(Data excerpts)

# # # # # # #

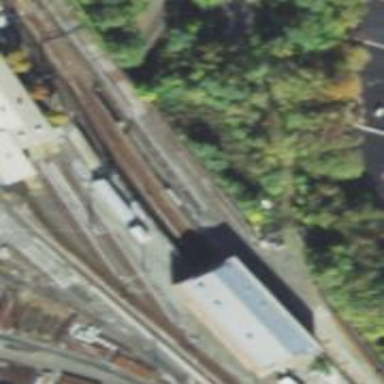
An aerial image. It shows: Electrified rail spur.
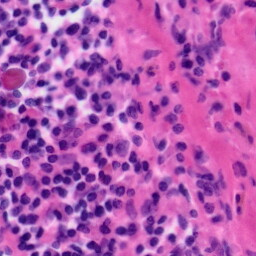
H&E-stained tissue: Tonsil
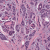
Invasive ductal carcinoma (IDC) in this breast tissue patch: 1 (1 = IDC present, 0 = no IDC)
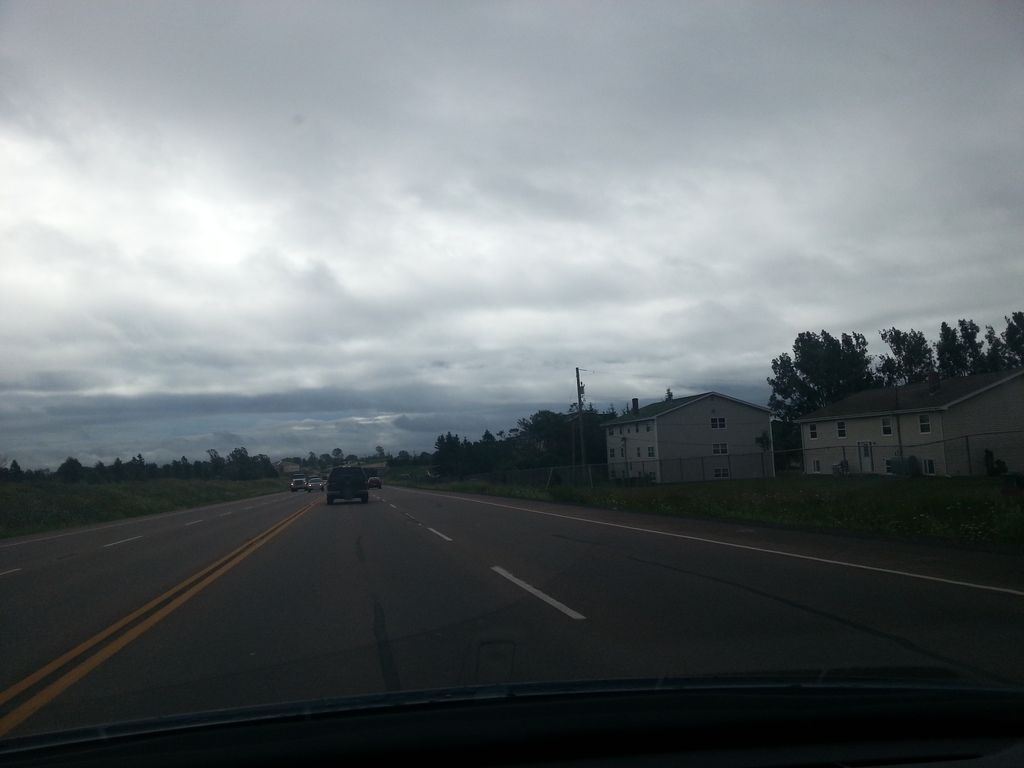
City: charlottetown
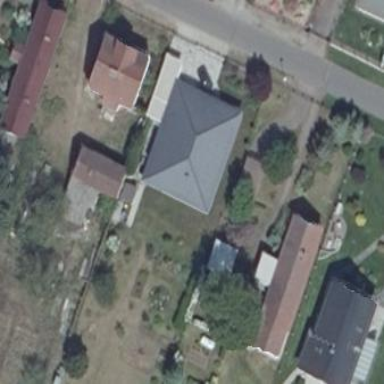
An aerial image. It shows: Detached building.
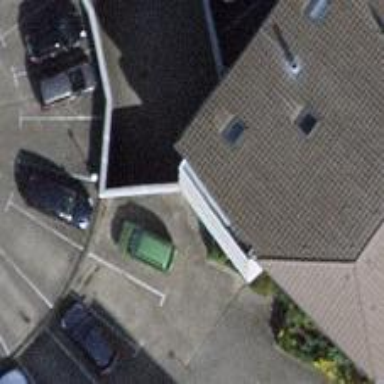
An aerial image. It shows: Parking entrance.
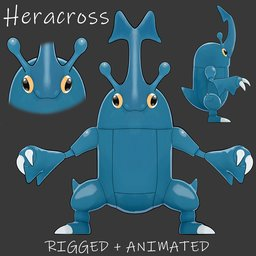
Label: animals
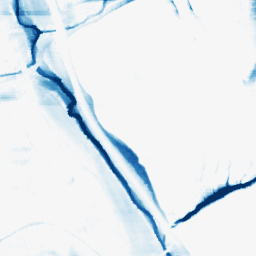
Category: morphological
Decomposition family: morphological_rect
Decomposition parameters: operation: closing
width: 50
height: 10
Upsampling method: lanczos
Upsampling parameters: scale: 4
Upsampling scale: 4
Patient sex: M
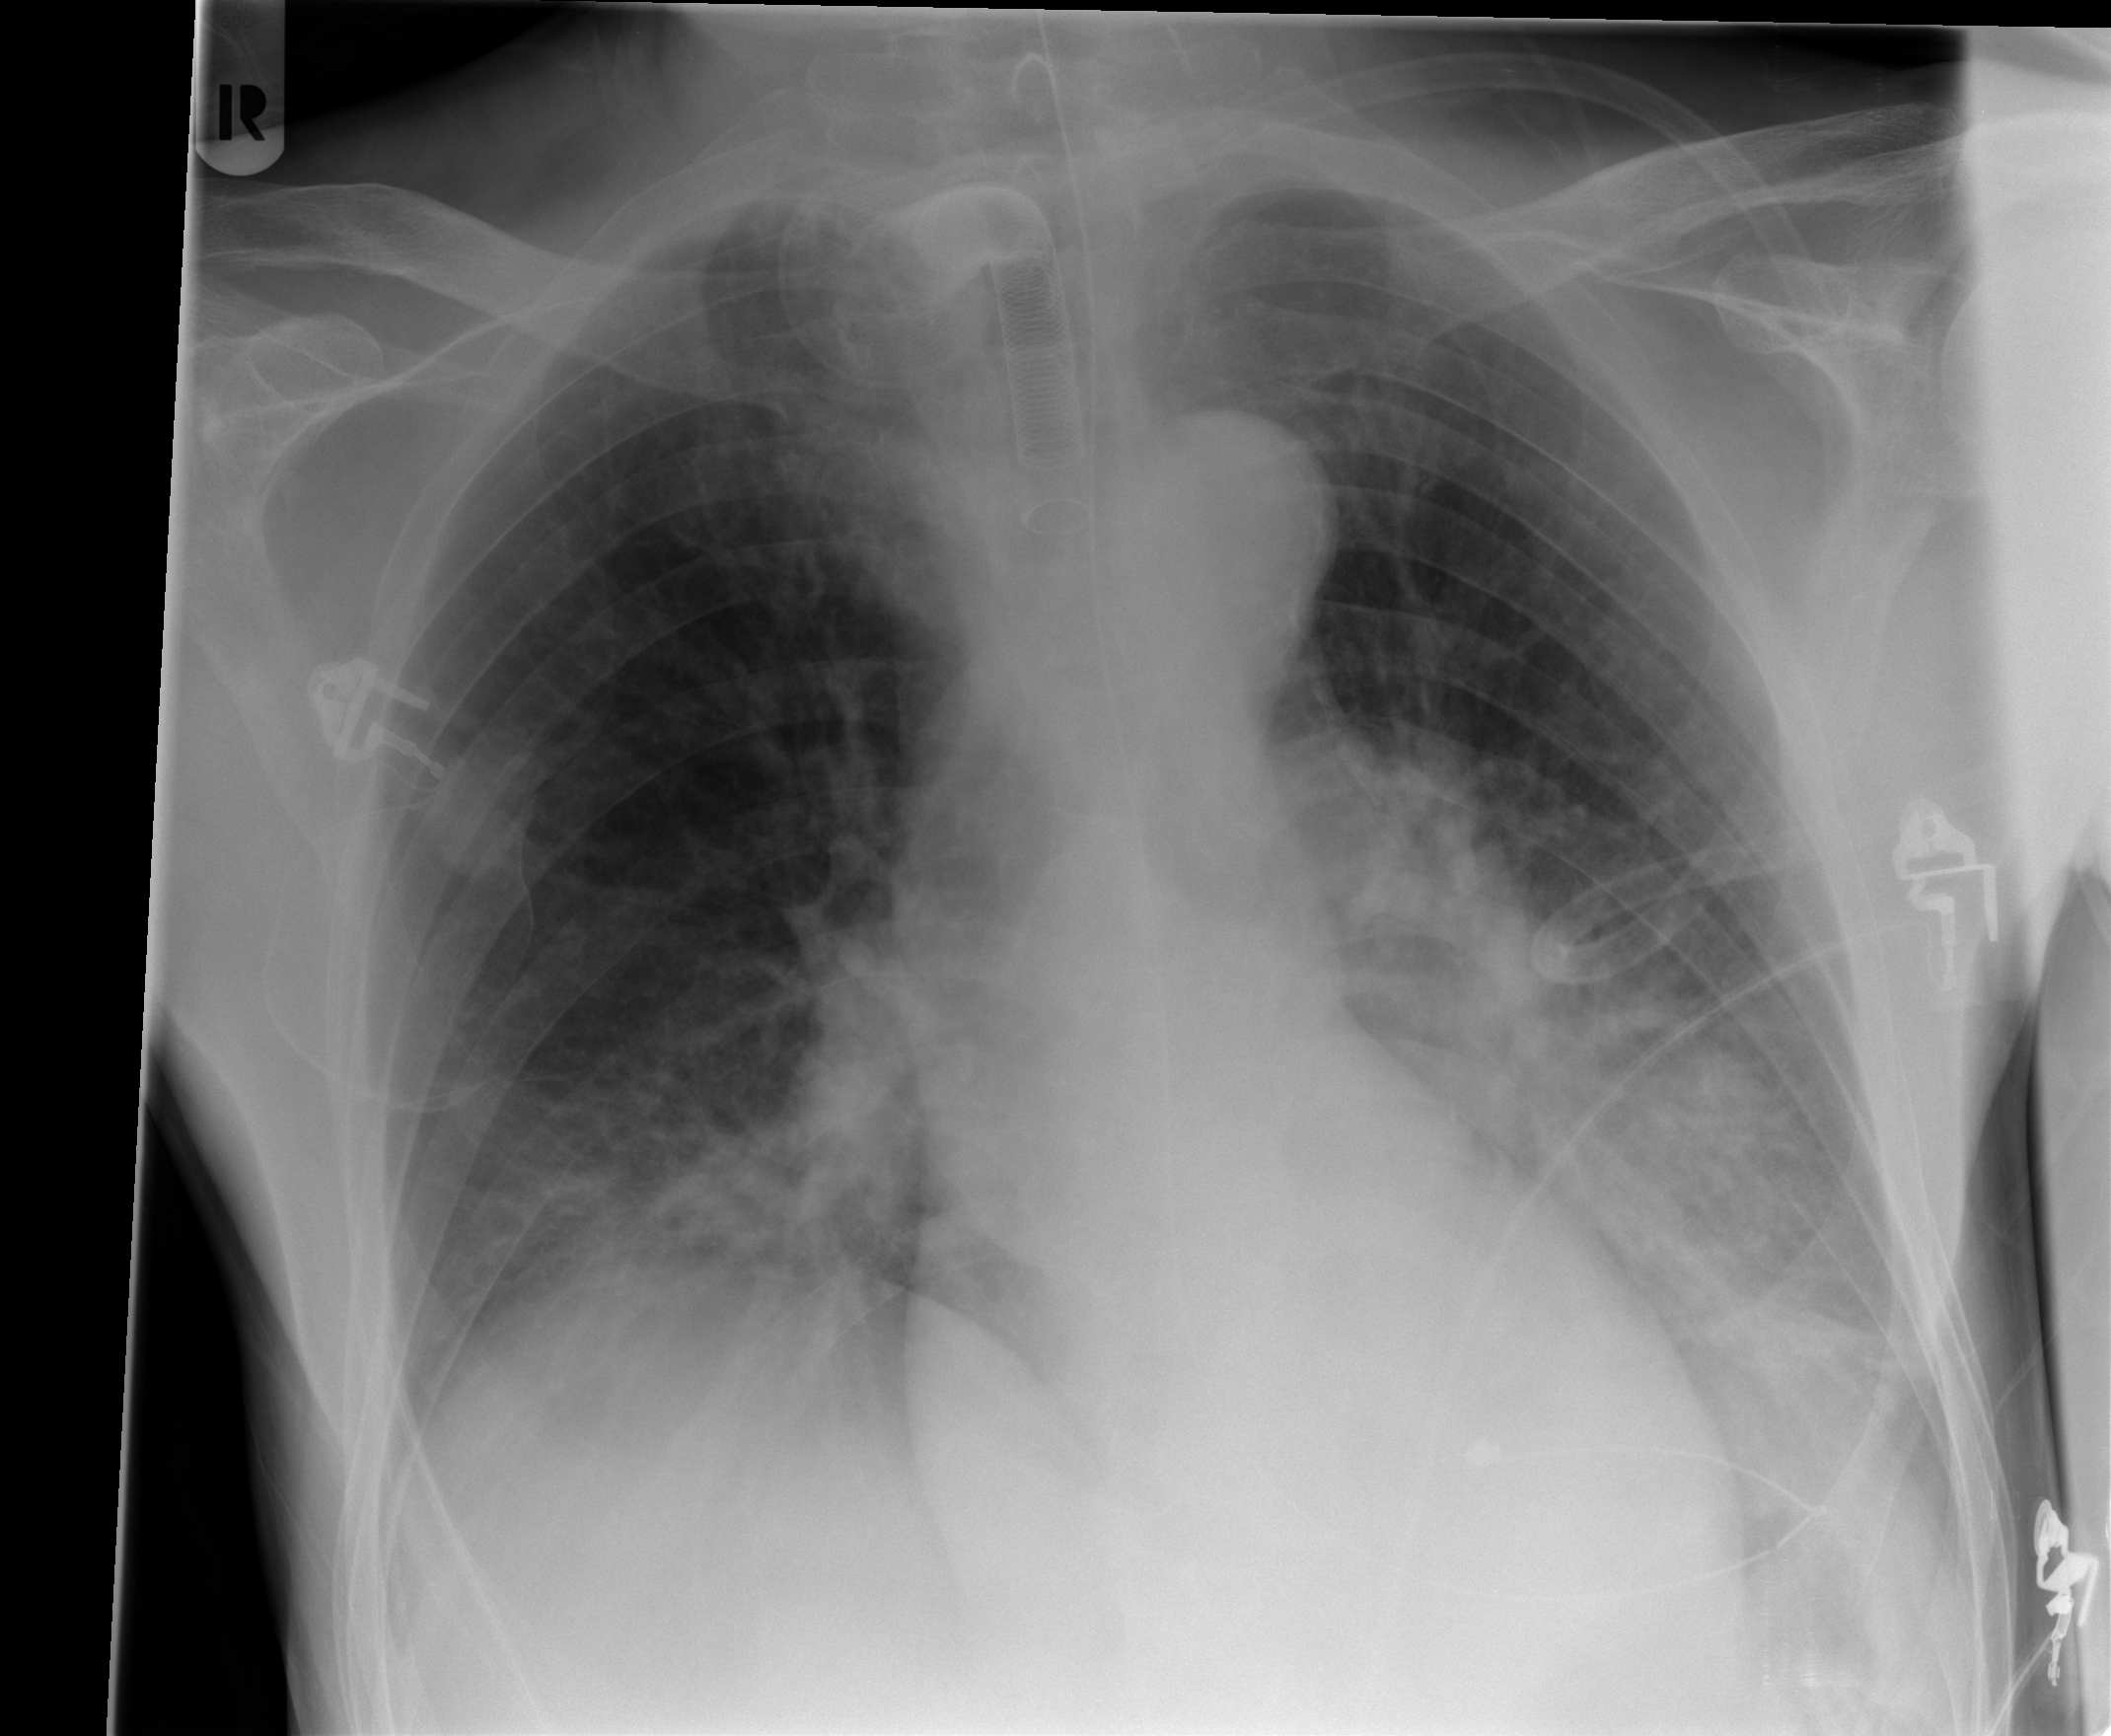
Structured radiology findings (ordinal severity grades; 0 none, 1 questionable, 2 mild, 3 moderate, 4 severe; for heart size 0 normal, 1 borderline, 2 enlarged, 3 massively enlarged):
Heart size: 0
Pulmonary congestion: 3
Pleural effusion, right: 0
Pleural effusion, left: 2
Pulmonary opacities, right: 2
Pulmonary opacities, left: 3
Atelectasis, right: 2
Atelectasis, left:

# # # # # # #

WORK ITEM ->
The result should be an exact retyped version of all the entries above, containing no pictures.

ANSWER TO THIS TASK ->
An aerial image. It shows: Electrified rail spur.
H&E-stained tissue: Tonsil
Invasive ductal carcinoma (IDC) in this breast tissue patch: 1 (1 = IDC present, 0 = no IDC)
City: charlottetown
An aerial image. It shows: Detached building.
An aerial image. It shows: Parking entrance.
Label: animals
Category: morphological
Decomposition family: morphological_rect
Decomposition parameters: operation: closing
width: 50
height: 10
Upsampling method: lanczos
Upsampling parameters: scale: 4
Upsampling scale: 4
Patient sex: M
Structured radiology findings (ordinal severity grades; 0 none, 1 questionable, 2 mild, 3 moderate, 4 severe; for heart size 0 normal, 1 borderline, 2 enlarged, 3 massively enlarged):
Heart size: 0
Pulmonary congestion: 3
Pleural effusion, right: 0
Pleural effusion, left: 2
Pulmonary opacities, right: 2
Pulmonary opacities, left: 3
Atelectasis, right: 2
Atelectasis, left:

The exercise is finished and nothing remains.